[Extracted data entries]
((

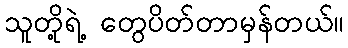
သူတို့ရဲ့ တွေပိတ်တာမှန်တယ်။
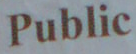
Public
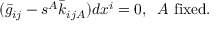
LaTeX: ( \bar { g } _ { i j } - s ^ { A } \bar { k } _ { i j A } ) d x ^ { i } = 0 , \; \; A \mathrm { ~ f i x e d } .
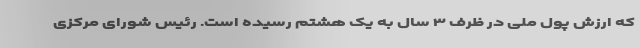
که ارزش پول ملی در ظرف ۳ سال به یک هشتم رسیده است. رئیس شورای مرکزی
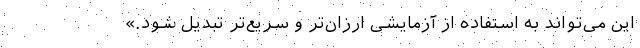
این می‌تواند به استفاده از آزمایشی ارزان‌تر و سریع‌تر تبدیل شود.»
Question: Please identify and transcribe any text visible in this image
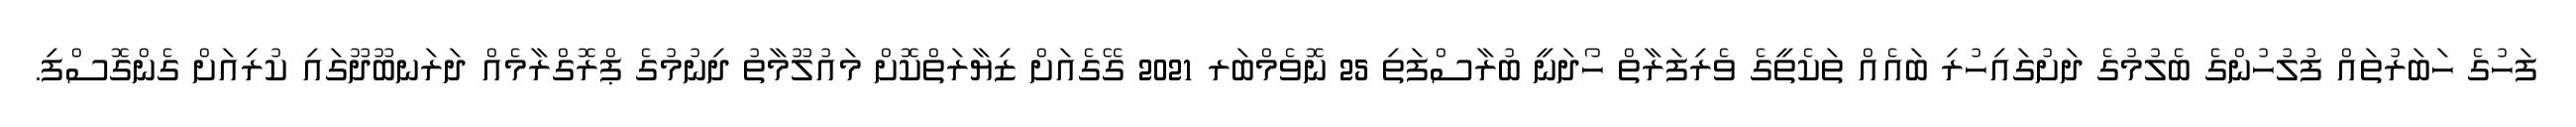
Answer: ފަހުގެ ހަބަރުތައް ފުލުހުންގެ ބެލުމުގެ ދަށުގައިހުރި ބައެއް ތަކެތީގެ ވެރިފަރާތް ހޯދަނީ ބުރާސްފަތި 25 ނޮވެމްބަރ 2021 ގޭގެއަށް ޒިޔާރަތްކޮށް މައުލޫމާތު ދިނުމުގެ ޕްރޮގްރާމެއް ދަރަނބޫދޫގައި ކުރިއަށް ގެންގޮސްފި.
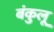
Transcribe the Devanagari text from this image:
बंकुलू
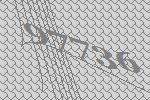
97736
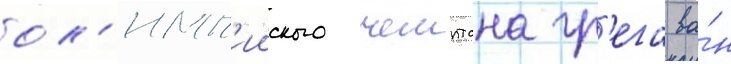
ол'имп'ииского чемптона гр'ега ва́н
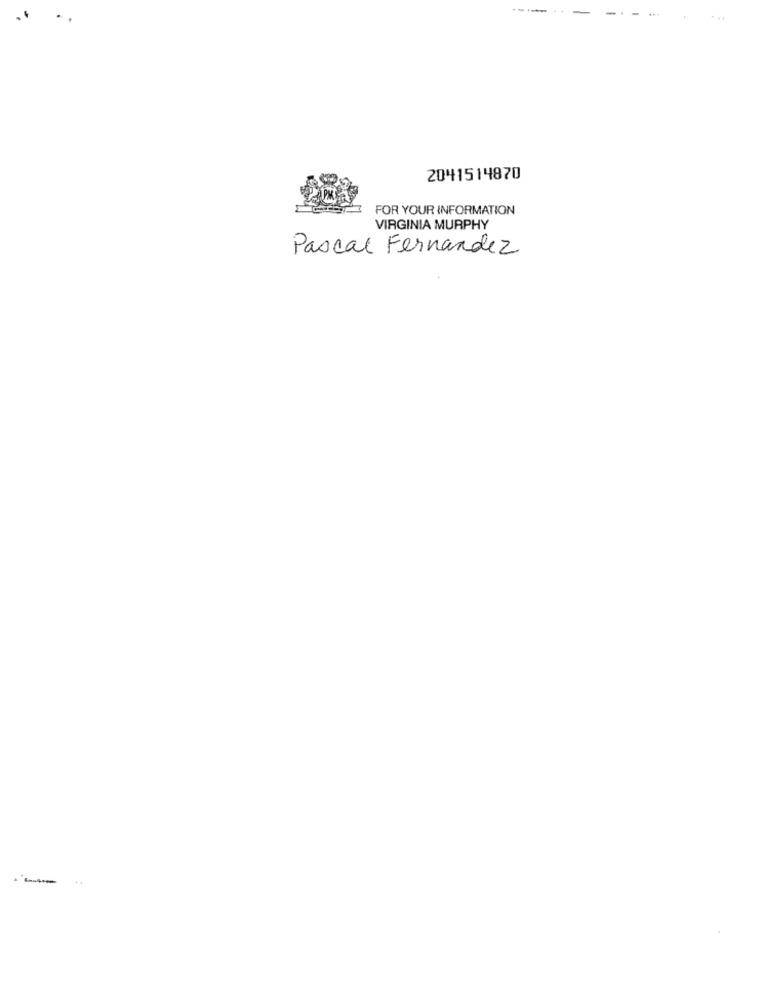
2041514870
FOR YOUR INFORMATION
VIRGINIA MURPHY
Pascal Fernandez
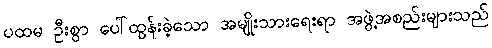
ပထမ ဦးစွာ ပေါ်ထွန်းခဲ့သော အမျိုးသားရေးရာ အဖွဲ့အစည်းများသည်
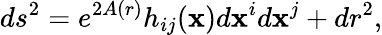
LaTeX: ds^{2}=e^{2A(r)}h_{ij}(\mathbf{x})d\mathbf{x}^{i}d\mathbf{x}^{j}+dr^{2},
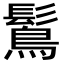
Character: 𪄒
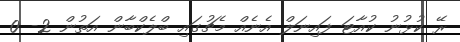
ރޭ ކުޅުނު ކުއާޓަ ފައިނަލް އެނެއް މެޗުގައި ބްލެކްބާން އަތުން 2- 0
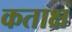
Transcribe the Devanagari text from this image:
कताक्षं
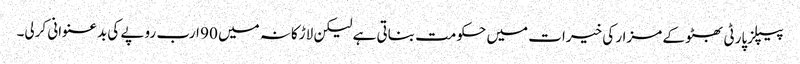
پیپلزپارٹی بھٹو کے مزار کی خیرات میں حکومت بناتی ہے لیکن لاڑکانہ میں 90 ارب روپے کی بدعنوانی کرلی۔
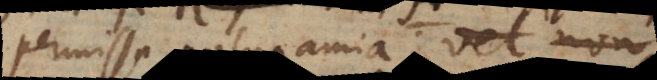
permissa polygamia, vel non
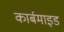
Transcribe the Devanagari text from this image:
कार्बमाइड
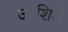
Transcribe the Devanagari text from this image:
उद्देशिले
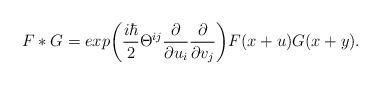
LaTeX: \begin{align*}F * G = exp \bigg( {i\hbar \over 2} \Theta^{ij} {\partial \over \partial u_i}{\partial \over \partial v_j}\bigg) F(x +u) G(x+y).\end{align*}
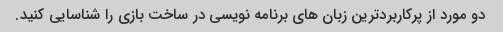
دو مورد از پرکاربردترین زبان های برنامه نویسی در ساخت بازی را شناسایی کنید.
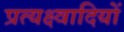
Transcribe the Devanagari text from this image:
प्रत्यक्ष्वादियों
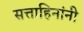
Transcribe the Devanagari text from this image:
सत्ताहिनांनी
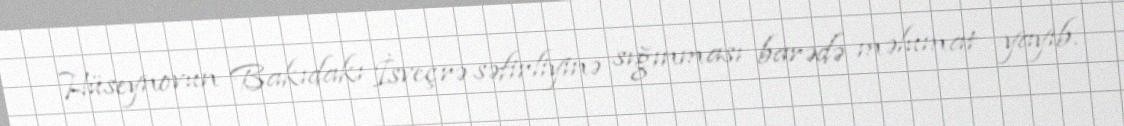
Hüseynovun Bakıdakı İsveçrə səfirliyinə sığınması barədə məlumat yayıb.
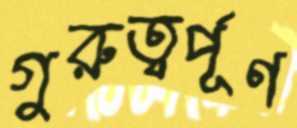
গুরুত্বর্পূণ
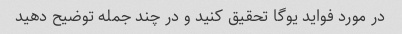
در مورد فواید یوگا تحقیق کنید و در چند جمله توضیح دهید
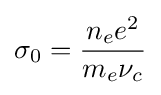
\sigma _{0}={\frac {n_{e}e^{2}}{m_{e}\nu _{c}}}
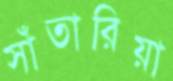
সাঁতারিয়া
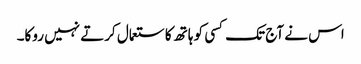
اس نے آج تک کسی کو ہاتھ کا ستعمال کرتے نہیں روکا۔
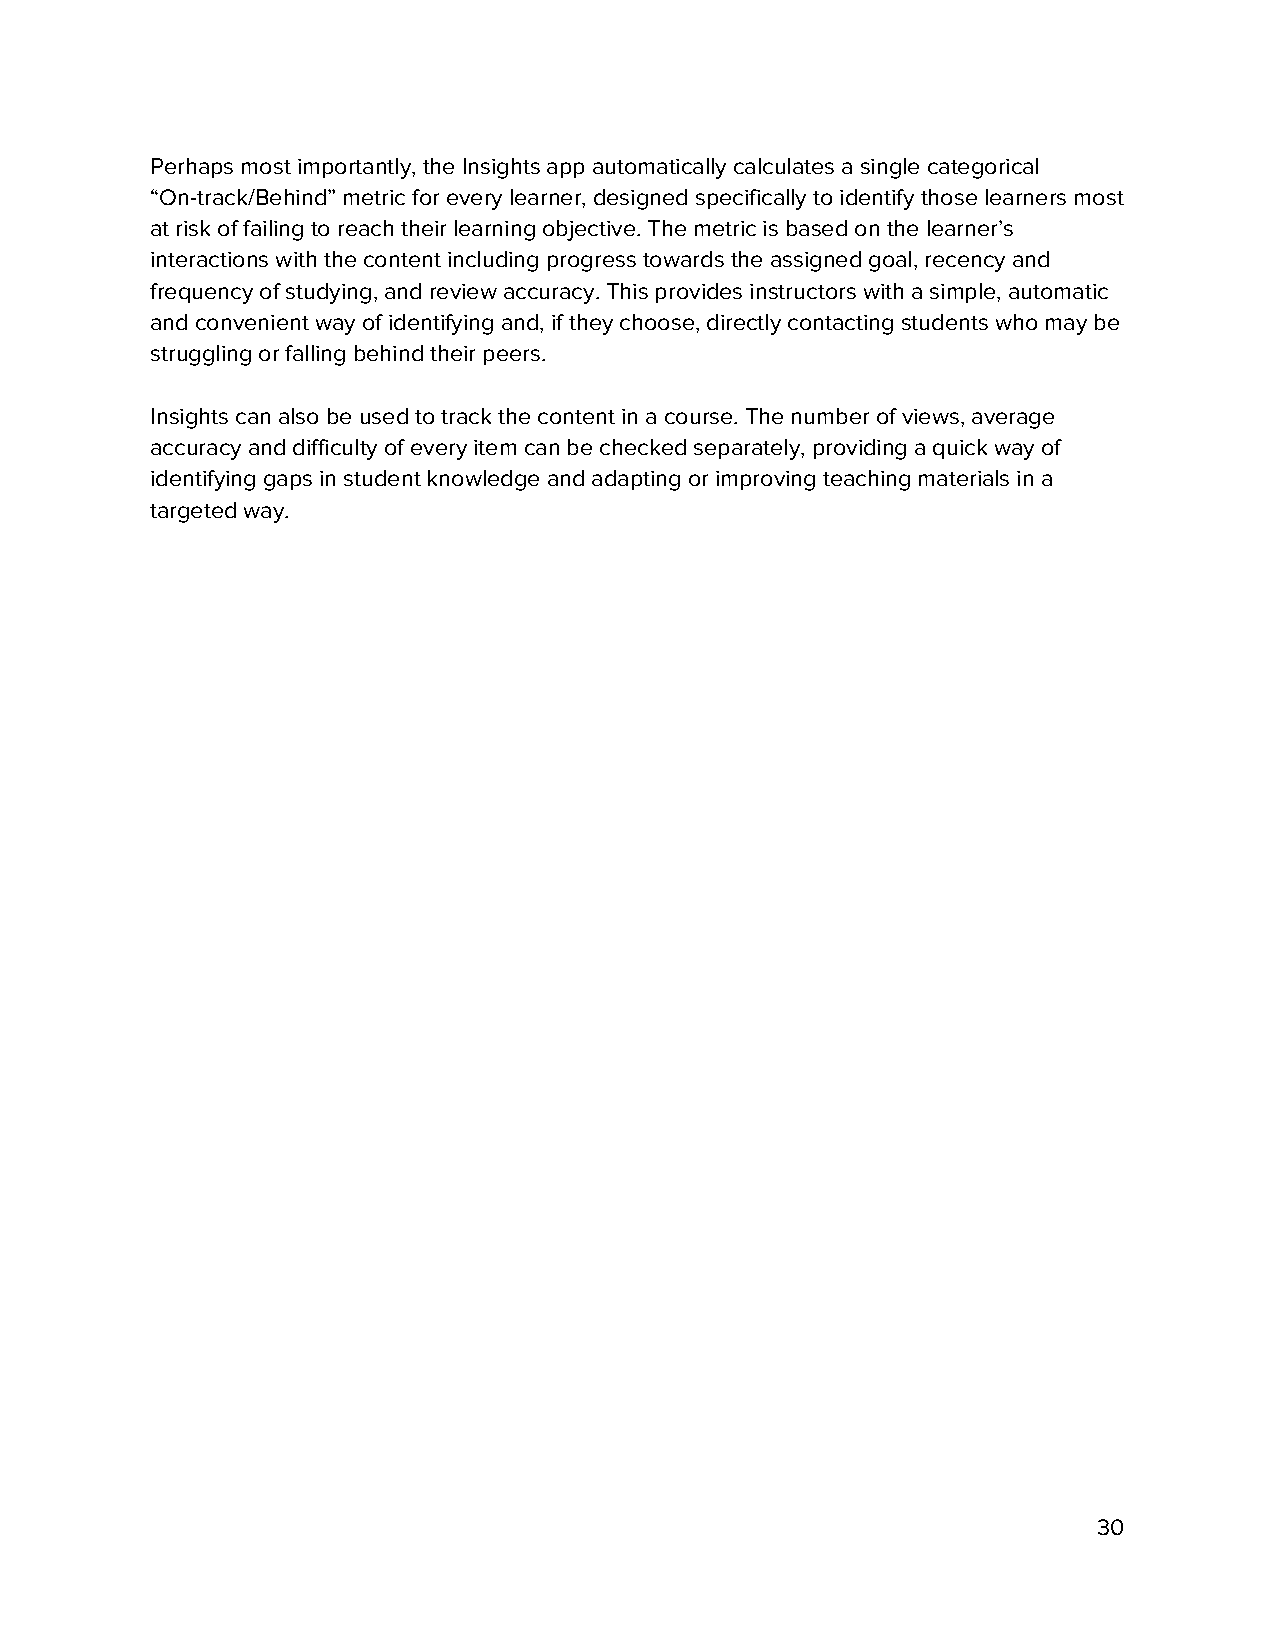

))

Exercise brief — Your answer must be the lines from the one holding "Character: 𪄒" through the final line of the records above, exactly as written and without any pictures.

Answer for the task —
Character: 𪄒
ރޭ ކުޅުނު ކުއާޓަ ފައިނަލް އެނެއް މެޗުގައި ބްލެކްބާން އަތުން 2- 0
Transcribe the Devanagari text from this image:
कताक्षं
پیپلزپارٹی بھٹو کے مزار کی خیرات میں حکومت بناتی ہے لیکن لاڑکانہ میں 90 ارب روپے کی بدعنوانی کرلی۔
permissa polygamia, vel non
Transcribe the Devanagari text from this image:
कार्बमाइड
Transcribe the Devanagari text from this image:
उद्देशिले
LaTeX: \begin{align*}F * G = exp \bigg( {i\hbar \over 2} \Theta^{ij} {\partial \over \partial u_i}{\partial \over \partial v_j}\bigg) F(x +u) G(x+y).\end{align*}
دو مورد از پرکاربردترین زبان های برنامه نویسی در ساخت بازی را شناسایی کنید.
Transcribe the Devanagari text from this image:
प्रत्यक्ष्वादियों
Transcribe the Devanagari text from this image:
सत्ताहिनांनी
Hüseynovun Bakıdakı İsveçrə səfirliyinə sığınması barədə məlumat yayıb.
গুরুত্বর্পূণ
در مورد فواید یوگا تحقیق کنید و در چند جمله توضیح دهید
\sigma _{0}={\frac {n_{e}e^{2}}{m_{e}\nu _{c}}}
সাঁতারিয়া
اس نے آج تک کسی کو ہاتھ کا ستعمال کرتے نہیں روکا۔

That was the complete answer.